Anthony Davis, national coordinator for the college and youth division of the NAACP, is a fan as well.
“I love it,” he says. “As a result of the Black Lives Matter movement, the social justice and civil rights movement has been able to become more militant. It’s OK to be back in the streets. We would love to partner and work with Black Lives Matter because we appreciate them for what they do.”
Davis says the NAACP is already adjusting its outreach to younger people. He says it’s creating more engaging platforms on social media to attract youth and touring with hip-hop stars to register voters for the 2018 midterms.
“Over the last year, we’ve done a good job branding ourselves as not only this historic civil rights group, but the youth and college division is more hip and, I hate to use this term, but, ‘woke,’ ” Davis says.
Becoming more like Black Lives Matter, though, might not be good for the NAACP, one sociologist says. He says the group lacks structure and long-term vision. The Black Lives Matter movement has also been weakened by infighting.
Learn about divisions within the Black Lives Matter Movement
“The NAACP has lasted a long time for a reason,” says Shayne Lee, a sociologist with the University of Houston. “There’s a risk when you copy the latest flavor. You risk losing your core constituency.”

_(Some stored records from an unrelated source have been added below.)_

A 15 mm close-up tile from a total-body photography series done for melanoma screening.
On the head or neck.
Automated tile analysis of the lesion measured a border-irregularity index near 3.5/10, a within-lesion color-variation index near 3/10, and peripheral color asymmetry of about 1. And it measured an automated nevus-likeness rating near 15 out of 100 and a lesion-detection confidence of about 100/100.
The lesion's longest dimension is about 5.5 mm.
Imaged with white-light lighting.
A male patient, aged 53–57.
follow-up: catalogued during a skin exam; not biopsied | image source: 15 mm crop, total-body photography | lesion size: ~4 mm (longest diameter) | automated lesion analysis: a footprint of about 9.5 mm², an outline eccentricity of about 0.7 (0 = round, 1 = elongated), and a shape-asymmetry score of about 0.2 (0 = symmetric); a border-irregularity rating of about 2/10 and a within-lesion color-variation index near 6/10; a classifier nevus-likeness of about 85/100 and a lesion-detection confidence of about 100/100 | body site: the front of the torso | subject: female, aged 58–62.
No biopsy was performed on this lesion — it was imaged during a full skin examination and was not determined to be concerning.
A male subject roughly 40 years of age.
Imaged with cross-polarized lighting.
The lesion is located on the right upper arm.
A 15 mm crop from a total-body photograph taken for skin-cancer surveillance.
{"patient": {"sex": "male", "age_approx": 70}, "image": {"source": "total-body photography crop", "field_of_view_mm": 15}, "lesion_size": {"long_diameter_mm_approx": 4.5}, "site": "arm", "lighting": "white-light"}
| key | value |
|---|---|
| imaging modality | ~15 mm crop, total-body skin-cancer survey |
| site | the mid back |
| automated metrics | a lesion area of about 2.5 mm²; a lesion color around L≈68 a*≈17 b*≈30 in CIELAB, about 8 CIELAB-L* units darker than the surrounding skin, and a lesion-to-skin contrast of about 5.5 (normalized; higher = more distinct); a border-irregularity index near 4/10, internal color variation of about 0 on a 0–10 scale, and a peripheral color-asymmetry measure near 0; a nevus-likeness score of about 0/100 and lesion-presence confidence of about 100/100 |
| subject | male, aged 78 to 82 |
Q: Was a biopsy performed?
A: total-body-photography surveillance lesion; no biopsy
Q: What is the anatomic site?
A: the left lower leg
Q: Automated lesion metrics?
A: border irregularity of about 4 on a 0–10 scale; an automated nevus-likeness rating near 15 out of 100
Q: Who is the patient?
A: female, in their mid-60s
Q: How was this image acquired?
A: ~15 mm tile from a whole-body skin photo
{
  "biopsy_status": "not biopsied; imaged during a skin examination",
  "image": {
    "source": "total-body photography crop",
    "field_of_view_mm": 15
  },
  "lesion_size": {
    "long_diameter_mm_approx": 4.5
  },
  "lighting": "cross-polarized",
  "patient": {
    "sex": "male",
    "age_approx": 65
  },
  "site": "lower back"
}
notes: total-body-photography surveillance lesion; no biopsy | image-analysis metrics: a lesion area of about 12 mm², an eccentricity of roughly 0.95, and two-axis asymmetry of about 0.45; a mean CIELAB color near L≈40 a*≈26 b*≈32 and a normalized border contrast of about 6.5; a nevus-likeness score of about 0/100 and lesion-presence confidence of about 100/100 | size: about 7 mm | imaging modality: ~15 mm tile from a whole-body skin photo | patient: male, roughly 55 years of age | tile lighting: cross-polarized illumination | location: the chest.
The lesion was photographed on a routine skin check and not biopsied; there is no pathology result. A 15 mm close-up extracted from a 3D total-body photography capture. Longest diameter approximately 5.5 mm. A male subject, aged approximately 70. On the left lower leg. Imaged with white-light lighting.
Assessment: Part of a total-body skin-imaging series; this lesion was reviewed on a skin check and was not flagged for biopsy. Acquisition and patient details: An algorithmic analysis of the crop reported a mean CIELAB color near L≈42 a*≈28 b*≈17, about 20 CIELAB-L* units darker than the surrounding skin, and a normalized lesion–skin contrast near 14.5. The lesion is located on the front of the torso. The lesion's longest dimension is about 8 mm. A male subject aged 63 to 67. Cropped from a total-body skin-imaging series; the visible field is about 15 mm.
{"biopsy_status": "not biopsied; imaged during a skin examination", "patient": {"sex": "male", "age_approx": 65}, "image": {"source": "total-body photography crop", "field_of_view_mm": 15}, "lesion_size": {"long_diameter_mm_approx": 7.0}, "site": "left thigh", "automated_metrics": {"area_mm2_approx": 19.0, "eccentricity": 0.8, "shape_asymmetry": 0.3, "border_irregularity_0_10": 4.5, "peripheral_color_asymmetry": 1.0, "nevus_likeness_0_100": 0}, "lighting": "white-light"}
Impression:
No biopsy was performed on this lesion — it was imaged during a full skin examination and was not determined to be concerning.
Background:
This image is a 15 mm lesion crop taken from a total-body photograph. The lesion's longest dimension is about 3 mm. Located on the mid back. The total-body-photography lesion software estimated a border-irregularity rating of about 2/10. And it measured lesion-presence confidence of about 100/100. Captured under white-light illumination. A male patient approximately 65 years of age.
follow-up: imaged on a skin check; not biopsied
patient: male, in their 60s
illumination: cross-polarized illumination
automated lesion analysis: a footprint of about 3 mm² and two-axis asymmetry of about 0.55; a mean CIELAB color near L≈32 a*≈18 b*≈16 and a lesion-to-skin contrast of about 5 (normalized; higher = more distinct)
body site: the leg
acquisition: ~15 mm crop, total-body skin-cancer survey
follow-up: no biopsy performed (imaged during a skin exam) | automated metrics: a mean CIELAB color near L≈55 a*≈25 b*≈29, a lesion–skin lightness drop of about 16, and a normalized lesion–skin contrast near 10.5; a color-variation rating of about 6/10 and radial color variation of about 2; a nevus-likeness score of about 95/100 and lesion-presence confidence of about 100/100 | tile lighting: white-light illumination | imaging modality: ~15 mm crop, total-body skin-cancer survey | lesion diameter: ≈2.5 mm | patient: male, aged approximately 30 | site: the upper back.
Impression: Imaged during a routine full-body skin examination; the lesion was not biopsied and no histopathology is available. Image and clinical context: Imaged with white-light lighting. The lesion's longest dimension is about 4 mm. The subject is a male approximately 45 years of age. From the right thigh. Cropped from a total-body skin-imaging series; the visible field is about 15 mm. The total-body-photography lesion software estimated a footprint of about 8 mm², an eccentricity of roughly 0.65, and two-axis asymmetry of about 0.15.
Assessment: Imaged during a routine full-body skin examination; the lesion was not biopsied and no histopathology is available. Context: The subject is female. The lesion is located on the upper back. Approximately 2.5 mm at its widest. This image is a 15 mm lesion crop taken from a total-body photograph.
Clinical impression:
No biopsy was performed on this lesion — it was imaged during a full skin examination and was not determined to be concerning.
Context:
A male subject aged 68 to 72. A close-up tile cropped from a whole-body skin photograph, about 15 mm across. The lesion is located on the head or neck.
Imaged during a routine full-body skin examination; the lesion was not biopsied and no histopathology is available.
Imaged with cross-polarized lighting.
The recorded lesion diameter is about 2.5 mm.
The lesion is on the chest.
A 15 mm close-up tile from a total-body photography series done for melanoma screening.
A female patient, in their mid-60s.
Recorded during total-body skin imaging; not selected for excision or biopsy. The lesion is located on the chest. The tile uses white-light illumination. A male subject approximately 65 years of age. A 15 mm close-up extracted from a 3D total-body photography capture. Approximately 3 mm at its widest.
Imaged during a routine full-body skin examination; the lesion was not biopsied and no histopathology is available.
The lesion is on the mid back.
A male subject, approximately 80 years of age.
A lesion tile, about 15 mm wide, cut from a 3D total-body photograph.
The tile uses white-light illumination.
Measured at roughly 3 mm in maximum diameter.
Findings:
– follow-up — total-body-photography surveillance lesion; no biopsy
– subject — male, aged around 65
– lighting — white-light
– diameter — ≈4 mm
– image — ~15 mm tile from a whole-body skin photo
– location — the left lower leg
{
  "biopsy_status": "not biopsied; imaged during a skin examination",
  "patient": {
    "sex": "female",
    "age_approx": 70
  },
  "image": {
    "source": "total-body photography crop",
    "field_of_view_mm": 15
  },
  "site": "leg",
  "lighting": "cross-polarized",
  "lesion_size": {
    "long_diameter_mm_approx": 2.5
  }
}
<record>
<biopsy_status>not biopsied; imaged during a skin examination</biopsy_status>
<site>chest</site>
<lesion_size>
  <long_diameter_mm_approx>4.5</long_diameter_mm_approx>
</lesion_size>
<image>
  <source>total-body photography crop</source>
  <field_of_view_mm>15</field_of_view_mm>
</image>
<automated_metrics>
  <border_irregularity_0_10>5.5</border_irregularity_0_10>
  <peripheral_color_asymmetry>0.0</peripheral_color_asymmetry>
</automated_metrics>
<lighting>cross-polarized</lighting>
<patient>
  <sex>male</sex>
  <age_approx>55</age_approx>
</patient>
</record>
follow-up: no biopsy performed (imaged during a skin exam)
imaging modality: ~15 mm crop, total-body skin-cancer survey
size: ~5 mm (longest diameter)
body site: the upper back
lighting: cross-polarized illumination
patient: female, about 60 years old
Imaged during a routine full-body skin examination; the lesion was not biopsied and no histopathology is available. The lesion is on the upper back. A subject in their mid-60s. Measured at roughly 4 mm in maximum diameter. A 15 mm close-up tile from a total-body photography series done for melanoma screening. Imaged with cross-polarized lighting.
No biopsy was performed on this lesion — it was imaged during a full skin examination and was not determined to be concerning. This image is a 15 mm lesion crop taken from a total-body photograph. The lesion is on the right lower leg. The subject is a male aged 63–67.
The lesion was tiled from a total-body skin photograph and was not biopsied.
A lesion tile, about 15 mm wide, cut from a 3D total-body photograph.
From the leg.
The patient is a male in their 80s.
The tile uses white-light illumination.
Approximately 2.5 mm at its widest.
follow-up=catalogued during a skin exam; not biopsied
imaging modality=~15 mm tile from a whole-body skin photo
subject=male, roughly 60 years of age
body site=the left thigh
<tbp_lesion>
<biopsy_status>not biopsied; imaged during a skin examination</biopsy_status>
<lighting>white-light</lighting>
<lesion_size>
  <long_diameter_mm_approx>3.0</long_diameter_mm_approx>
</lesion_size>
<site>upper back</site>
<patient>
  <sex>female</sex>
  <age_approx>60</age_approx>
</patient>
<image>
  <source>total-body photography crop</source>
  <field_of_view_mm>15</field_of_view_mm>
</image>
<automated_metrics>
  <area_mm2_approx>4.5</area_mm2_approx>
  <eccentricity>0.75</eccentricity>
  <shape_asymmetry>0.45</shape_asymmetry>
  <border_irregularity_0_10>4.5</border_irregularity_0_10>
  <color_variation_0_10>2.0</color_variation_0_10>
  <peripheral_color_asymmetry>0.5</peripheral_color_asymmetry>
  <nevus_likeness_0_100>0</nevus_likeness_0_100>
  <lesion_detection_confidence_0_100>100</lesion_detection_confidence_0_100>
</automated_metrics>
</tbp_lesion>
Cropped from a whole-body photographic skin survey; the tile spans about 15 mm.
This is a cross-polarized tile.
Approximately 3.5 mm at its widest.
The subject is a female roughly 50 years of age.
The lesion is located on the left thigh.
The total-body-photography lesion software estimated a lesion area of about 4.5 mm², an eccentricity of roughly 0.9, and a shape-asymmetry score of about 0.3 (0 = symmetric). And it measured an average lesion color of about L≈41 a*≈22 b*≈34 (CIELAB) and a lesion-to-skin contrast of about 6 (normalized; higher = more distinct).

The Missouri travel advisory may mark a new direction for the NAACP, but the kind of leader the group chooses next may serve as the ultimate proof of a new “woke” NAACP.
Gaskin, the St. Louis NAACP leader, sounds confident.
Some in the black community, he says, were asleep during the last eight years while Barack Obama was President. Now they’re in the Trump era, and they’re taking a second look at the NAACP.
“At that time, they didn’t think they needed us,” he says. “You don’t miss water until your well dries.”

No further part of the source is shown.